Find answers, ask questions, and share your expertise
Announcements
Celebrating as our community reaches 100,000 members! Thank you!

How can select columns from two relations after join in pig.

avatar

Hi ,

am joining two relations(withoutschema) in pig and want to pick particular columns from both relations.

A = load 'data1' using PigStorage(',');($0,$1...$8)
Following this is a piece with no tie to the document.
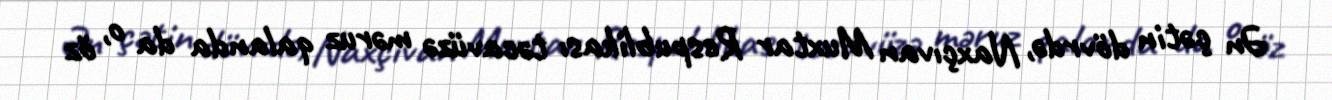
Ən çətin dövrdə, Naxçıvan Muxtar Respublikası təcavüzə məruz qalanda da o, öz

B = load 'data2' using PigStoarge(',');($0..$4);

C = foreach(join A by($1,$2),B by($1,$2)) generate $0,$1,$4,$5,(how to select B relation columns)

1 ACCEPTED SOLUTION

avatar
Master Mentor

@jayaprakash gadi

here's my solution, considering that result of join is sum of all fields, then if you have 10 columns in A and 4 columns in B, your result row will 14, you can cherry pick columns 1, 2,3 from A and 11, 12, 13 from B.

grunt> fs -cat email_list.csv;
1,Christine,Romero,cromero0@eventbrite.com
2,Sara,Hansen,shansen1@tinypic.com
3,Albert,Rogers,arogers2@marriott.com
4,Kimberly,Morrison,kmorrison3@irs.gov
5,Eugene,Baker,ebaker4@cbslocal.com
6,Ann,Alexander,aalexander5@hhs.gov
7,Kathleen,Reed,kreed6@youtu.be
8,Todd,Scott,tscott7@deliciousdays.com
9,Sharon,Mccoy,smccoy8@nature.com
10,Evelyn,Rice,erice9@narod.ru

grunt> fs -cat gender_list.csv;
1,Christine,Romero,Female
2,Sara,Hansen,Female
3,Albert,Rogers,Male
4,Kimberly,Morrison,Female
5,Eugene,Baker,Male
6,Ann,Alexander,Female
7,Kathleen,Reed,Female
8,Todd,Scott,Male
9,Sharon,Mccoy,Female
10,Evelyn,Rice,Female

grunt> A = load 'email_list.csv' using PigStorage(',');
grunt> B = load 'gender_list.csv' using PigStorage(',');
grunt> C = join A by ($0, $1, $2), B by ($0, $1, $2);
grunt> dump C;

(1,Christine,Romero,cromero0@eventbrite.com,1,Christine,Romero,Female)
(10,Evelyn,Rice,erice9@narod.ru,10,Evelyn,Rice,Female)
(2,Sara,Hansen,shansen1@tinypic.com,2,Sara,Hansen,Female)
(3,Albert,Rogers,arogers2@marriott.com,3,Albert,Rogers,Male)
(4,Kimberly,Morrison,kmorrison3@irs.gov,4,Kimberly,Morrison,Female)
(5,Eugene,Baker,ebaker4@cbslocal.com,5,Eugene,Baker,Male)
(6,Ann,Alexander,aalexander5@hhs.gov,6,Ann,Alexander,Female)
(7,Kathleen,Reed,kreed6@youtu.be,7,Kathleen,Reed,Female)
(8,Todd,Scott,tscott7@deliciousdays.com,8,Todd,Scott,Male)
(9,Sharon,Mccoy,smccoy8@nature.com,9,Sharon,Mccoy,Female)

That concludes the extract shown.